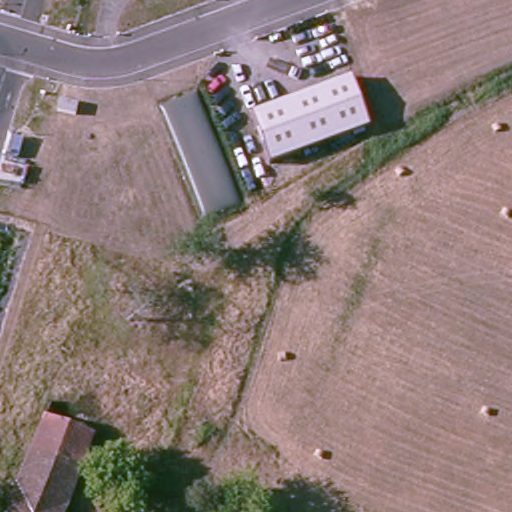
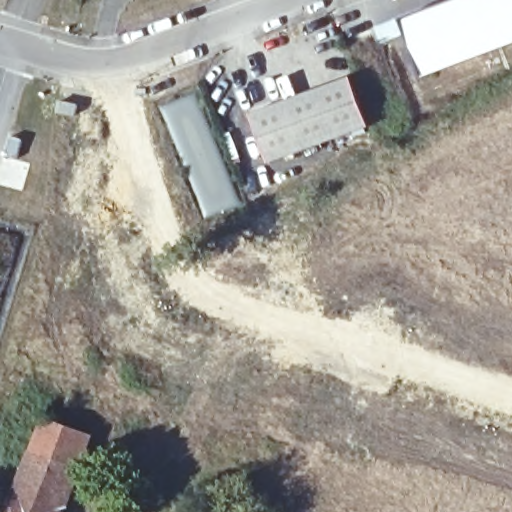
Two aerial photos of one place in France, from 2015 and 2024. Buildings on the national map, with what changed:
new [(512,0),(512,45),(426,78),(402,17),(450,0),(512,0)]
unchanged [(271,164),(252,112),(350,76),(370,127),(271,164)]
unchanged [(79,99),(60,95),(63,83),(81,87),(79,99)]
new [(73,117),(55,113),(57,102),(75,106),(73,117)]
unchanged [(50,406),(100,424),(91,449),(41,431),(50,406)]
unchanged [(67,512),(22,512),(13,508),(41,431),(91,449),(67,512)]

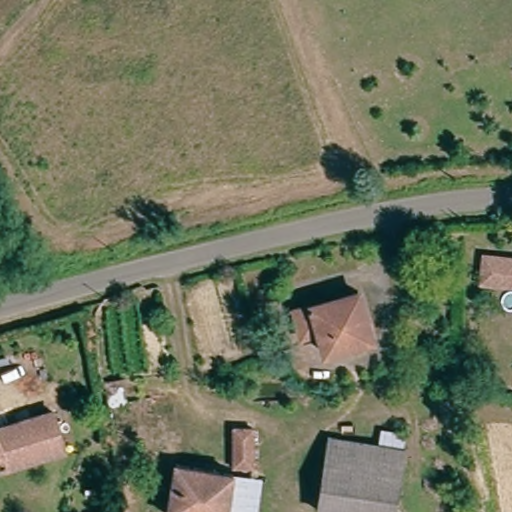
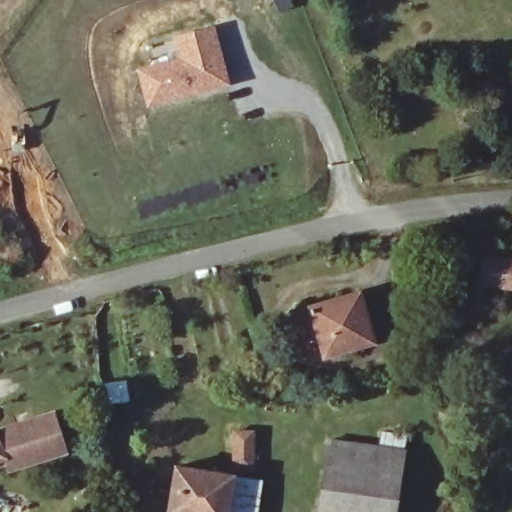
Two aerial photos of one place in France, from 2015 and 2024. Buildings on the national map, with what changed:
new [(230,85),(149,108),(136,68),(178,56),(174,38),(215,28),(230,85)]
unchanged [(512,260),(512,285),(483,283),(485,258),(512,260)]
unchanged [(331,354),(327,331),(301,337),(297,312),(367,298),(378,344),(331,354)]
unchanged [(122,382),(128,403),(111,408),(105,386),(122,382)]
unchanged [(69,448),(0,470),(0,427),(55,409),(69,448)]
unchanged [(234,430),(260,430),(261,479),(235,475),(234,430)]
unchanged [(336,443),(405,448),(399,512),(378,512),(330,508),(336,443)]
unchanged [(230,512),(173,512),(178,467),(227,474),(235,475),(230,512)]
unchanged [(261,485),(258,512),(230,512),(235,475),(261,479),(261,485)]

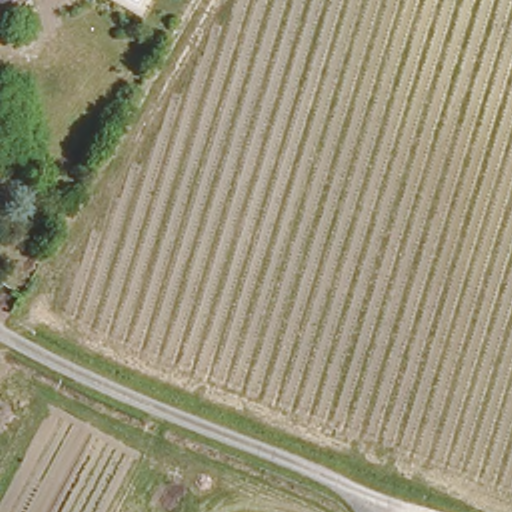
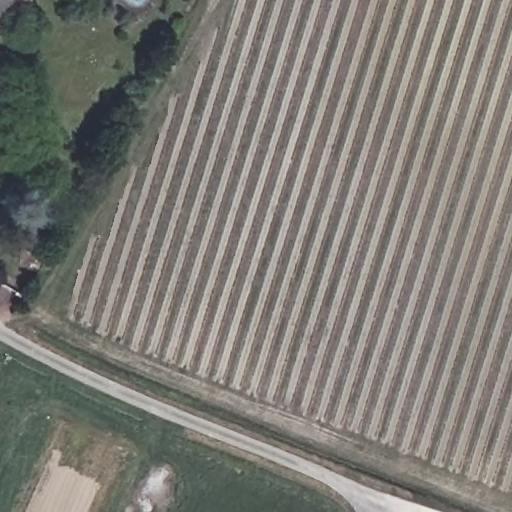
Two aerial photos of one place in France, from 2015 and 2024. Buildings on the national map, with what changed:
unchanged [(0,0),(25,0),(19,10),(11,5),(0,22),(0,0)]

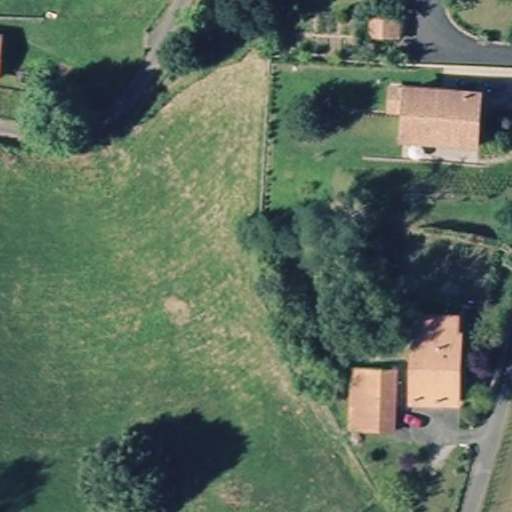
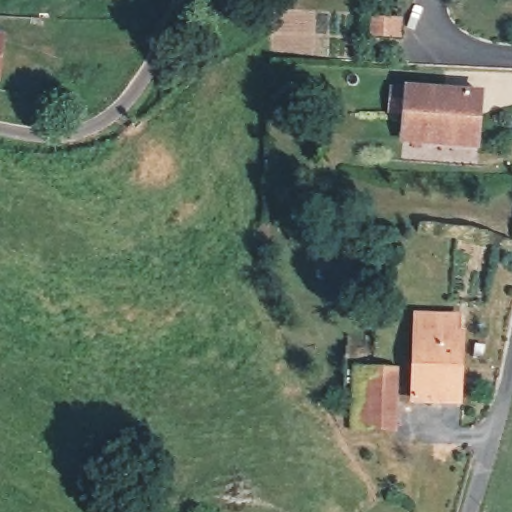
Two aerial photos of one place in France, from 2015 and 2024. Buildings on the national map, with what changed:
unchanged [(482,146),(477,146),(407,140),(410,112),(395,111),(397,88),(412,89),(481,94),(487,95),(482,146)]
unchanged [(456,341),(465,341),(457,408),(413,407),(421,320),(457,322),(456,341)]
unchanged [(364,433),(350,432),(355,369),(370,369),(388,370),(400,370),(393,429),(392,435),(364,433)]

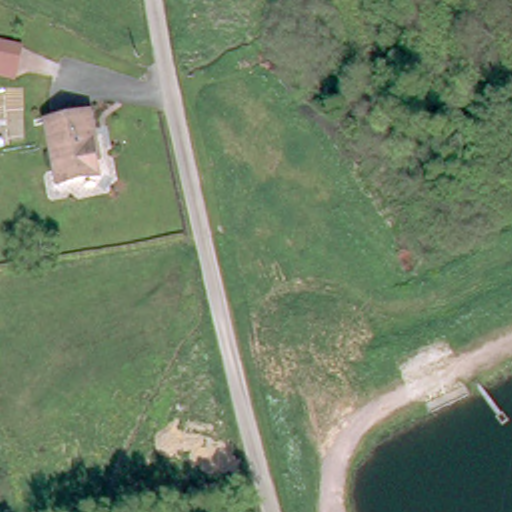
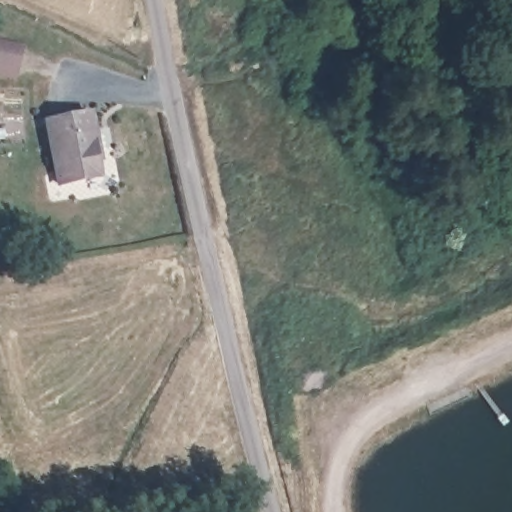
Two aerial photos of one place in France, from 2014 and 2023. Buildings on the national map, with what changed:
unchanged [(24,46),(15,82),(0,78),(0,40),(24,46)]
unchanged [(106,175),(66,185),(51,122),(96,111),(101,129),(95,130),(106,175)]

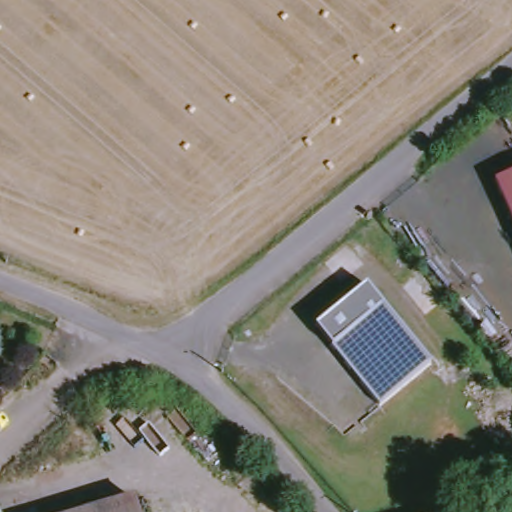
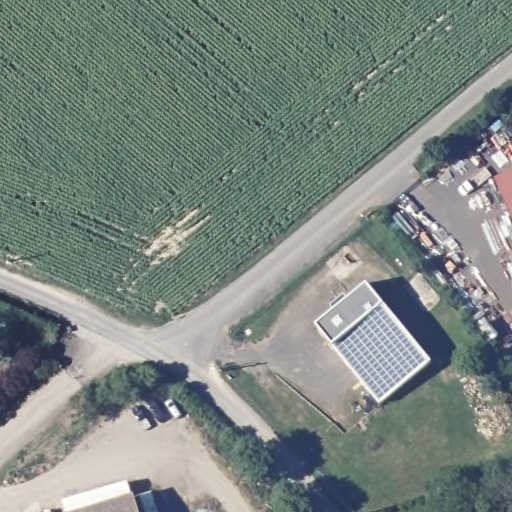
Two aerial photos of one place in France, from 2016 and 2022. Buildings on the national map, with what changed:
unchanged [(499,181),(512,175),(512,213),(499,181)]
unchanged [(365,283),(430,361),(380,404),(314,326),(365,283)]
unchanged [(142,512),(102,512),(139,501),(142,512)]

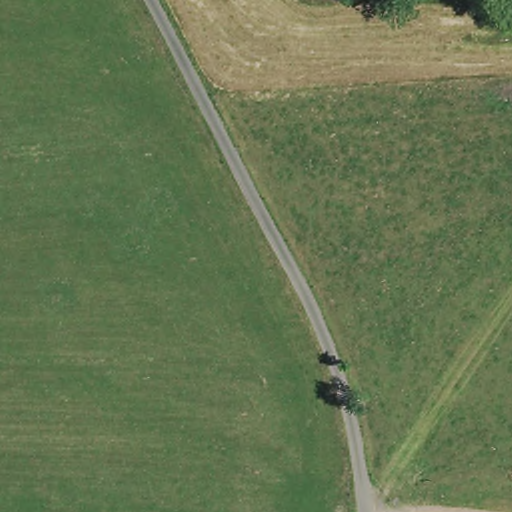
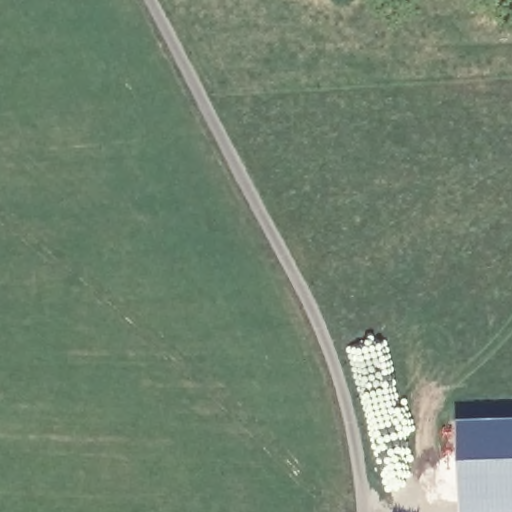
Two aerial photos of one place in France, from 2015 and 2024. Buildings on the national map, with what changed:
new [(512,512),(460,512),(455,420),(512,417),(512,512)]

■ ■ ■ ■ ■ ■ ■

### What you will do
Pictures stay out, but every record above is to be returned exactly.

### Solved exercise
Two aerial photos of one place in France, from 2015 and 2024. Buildings on the national map, with what changed:
new [(512,0),(512,45),(426,78),(402,17),(450,0),(512,0)]
unchanged [(271,164),(252,112),(350,76),(370,127),(271,164)]
unchanged [(79,99),(60,95),(63,83),(81,87),(79,99)]
new [(73,117),(55,113),(57,102),(75,106),(73,117)]
unchanged [(50,406),(100,424),(91,449),(41,431),(50,406)]
unchanged [(67,512),(22,512),(13,508),(41,431),(91,449),(67,512)]

Two aerial photos of one place in France, from 2015 and 2024. Buildings on the national map, with what changed:
new [(230,85),(149,108),(136,68),(178,56),(174,38),(215,28),(230,85)]
unchanged [(512,260),(512,285),(483,283),(485,258),(512,260)]
unchanged [(331,354),(327,331),(301,337),(297,312),(367,298),(378,344),(331,354)]
unchanged [(122,382),(128,403),(111,408),(105,386),(122,382)]
unchanged [(69,448),(0,470),(0,427),(55,409),(69,448)]
unchanged [(234,430),(260,430),(261,479),(235,475),(234,430)]
unchanged [(336,443),(405,448),(399,512),(378,512),(330,508),(336,443)]
unchanged [(230,512),(173,512),(178,467),(227,474),(235,475),(230,512)]
unchanged [(261,485),(258,512),(230,512),(235,475),(261,479),(261,485)]

Two aerial photos of one place in France, from 2015 and 2024. Buildings on the national map, with what changed:
unchanged [(0,0),(25,0),(19,10),(11,5),(0,22),(0,0)]

Two aerial photos of one place in France, from 2015 and 2024. Buildings on the national map, with what changed:
unchanged [(482,146),(477,146),(407,140),(410,112),(395,111),(397,88),(412,89),(481,94),(487,95),(482,146)]
unchanged [(456,341),(465,341),(457,408),(413,407),(421,320),(457,322),(456,341)]
unchanged [(364,433),(350,432),(355,369),(370,369),(388,370),(400,370),(393,429),(392,435),(364,433)]

Two aerial photos of one place in France, from 2014 and 2023. Buildings on the national map, with what changed:
unchanged [(24,46),(15,82),(0,78),(0,40),(24,46)]
unchanged [(106,175),(66,185),(51,122),(96,111),(101,129),(95,130),(106,175)]

Two aerial photos of one place in France, from 2016 and 2022. Buildings on the national map, with what changed:
unchanged [(499,181),(512,175),(512,213),(499,181)]
unchanged [(365,283),(430,361),(380,404),(314,326),(365,283)]
unchanged [(142,512),(102,512),(139,501),(142,512)]

Two aerial photos of one place in France, from 2015 and 2024. Buildings on the national map, with what changed:
new [(512,512),(460,512),(455,420),(512,417),(512,512)]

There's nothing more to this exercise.